Politipress: Post-Midterms Recap

In the latest installment of Politipress, editor Charlie Moore recaps last week's midterm elections.

In the latest installment of Politipress, editor Charlie Moore recaps last week’s midterm elections.

Charlie Moore

For the voting members of our community, it is often hard to have a firm grasp on who the politicians that represent us are and what they do. In this installment of Politipress, I recap the 2018 midterm elections, discussing results and impacts.

So the midterms have come and gone. Did that blue wave wash Congress to the left? Did the Republicans hold their congressional majority? The answer to both of those questions is, well, kind of.

Democrats, or just individuals who disapprove of our President (that being 52.5% of the nation, as reported by fivethirtyeight.com), showed up big on Tuesday. Though they couldn’t conquer both houses of Congress, the blue wave busted down the doors to the House of Representatives, flooding their chamber.

Republicans, on the other hand, managed to not only repel a liberal attempt to take the Senate but also flipped seats in Indiana, North Dakota, and Missouri. Despite Jackie Rosen (D-NV) flipping her race in Nevada, the Republicans not only managed to keep their majority but added to it with a net gain of two seats.

Though the Senate race outcomes seemingly favor Republicans, they are still subject to change. Arizona, though leaning left with Kyrsten Sinema (D-AZ), is still yet to be called. Florida’s Senate race was called for Republican Rick Scott, but because the margin he had over incumbent Democrat Bill Nelson was so slim, a recount has been ordered. There’s a special election runoff in Mississippi as well, but it’s leaning right with Cindy Hyde-Smith.

So the Republicans added two – possibly three depending on Florida’s recount – to their majority in the Senate. But the Democrats took so many House seats that their net gain was 33, with some races still uncalled.

Like the rest of the nation, the Commonwealth posted some oddly partisan election results. None of the “big ticket races” were close, and the same rang true for the ballot questions. Massachusetts re-elected Elizabeth Warren to the Senate and reinstated Charlie Baker as governor. Our congressional district (MA-5) re-elected Katherine Clark with 76 percent of the vote.

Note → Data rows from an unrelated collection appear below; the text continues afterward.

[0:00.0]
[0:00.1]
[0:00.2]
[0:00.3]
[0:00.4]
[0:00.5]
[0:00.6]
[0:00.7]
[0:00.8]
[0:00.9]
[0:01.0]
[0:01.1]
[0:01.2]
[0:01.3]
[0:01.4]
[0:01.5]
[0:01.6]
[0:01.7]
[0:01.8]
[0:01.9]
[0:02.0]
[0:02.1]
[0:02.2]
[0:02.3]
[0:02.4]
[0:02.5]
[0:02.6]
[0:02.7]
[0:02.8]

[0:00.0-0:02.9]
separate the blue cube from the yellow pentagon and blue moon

Massachusetts also voted on our ballot questions with fat margins. Question one, which would’ve restricted nurse to patient ratios, failed badly, as 70.4 percent of Massachusetts voted no. Question two, which was about companies donating to campaigns, passed with a margin of 71.4 percent. And question three, which was about upholding the rights of transgender citizens, passed with 67.8 percent of the state behind it.

Wayland voted completely in line with the state of Massachusetts. We re-elected Baker by a margin of 65 percent when the rest of the state re-elected him by 66 percent. We reinstated Warren by more than 70 percent, where the state put her back with just over 60% of the vote.

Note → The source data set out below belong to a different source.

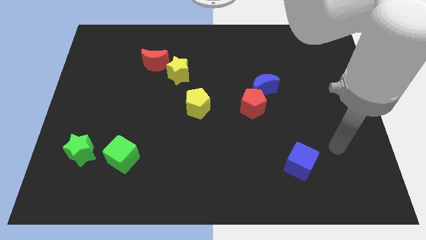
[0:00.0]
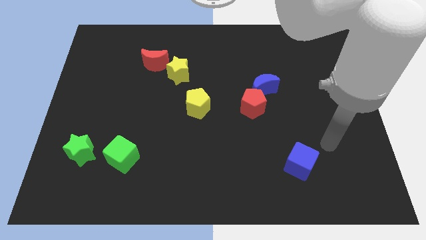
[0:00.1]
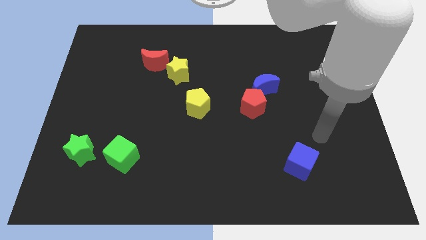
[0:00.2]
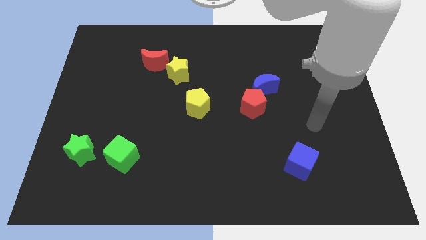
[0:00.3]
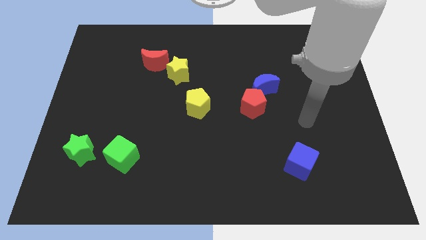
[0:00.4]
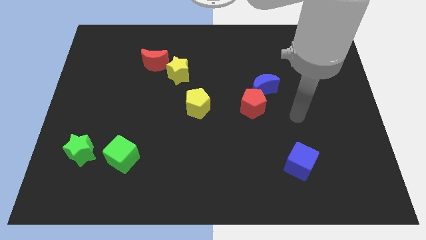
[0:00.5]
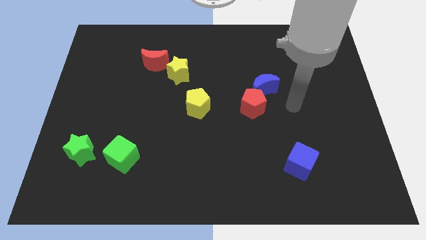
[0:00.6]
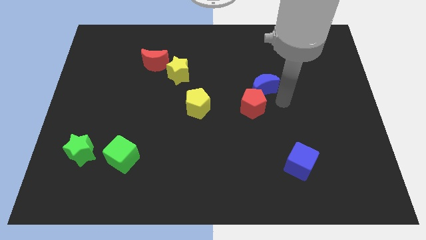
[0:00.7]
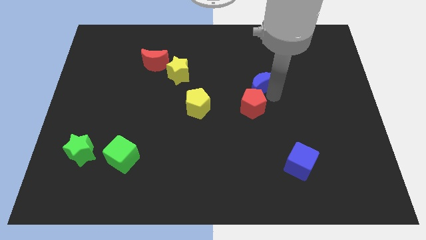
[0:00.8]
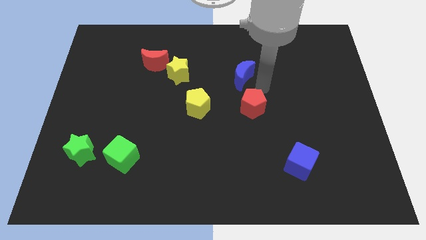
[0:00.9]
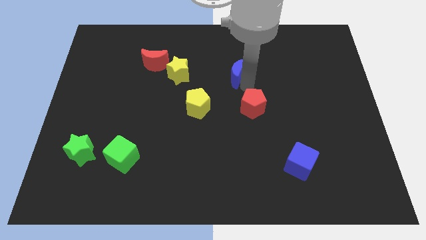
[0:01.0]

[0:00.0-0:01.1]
pull the red pentagon apart from the blue moon

The largest takeaway we can pull from this election is the unprecedented amount of people who cast a ballot. Forbes.com estimates that a record-shattering 113 million people voted this past election day. Our nation has never seen a midterm draw more than 100 million people. This election had low-end presidential election numbers. This is a fantastic direction we’ve directed our country towards. Though the following years will be remarkably partisan, more and more people are using their voice. Well done, America. See you in the 2019 primaries.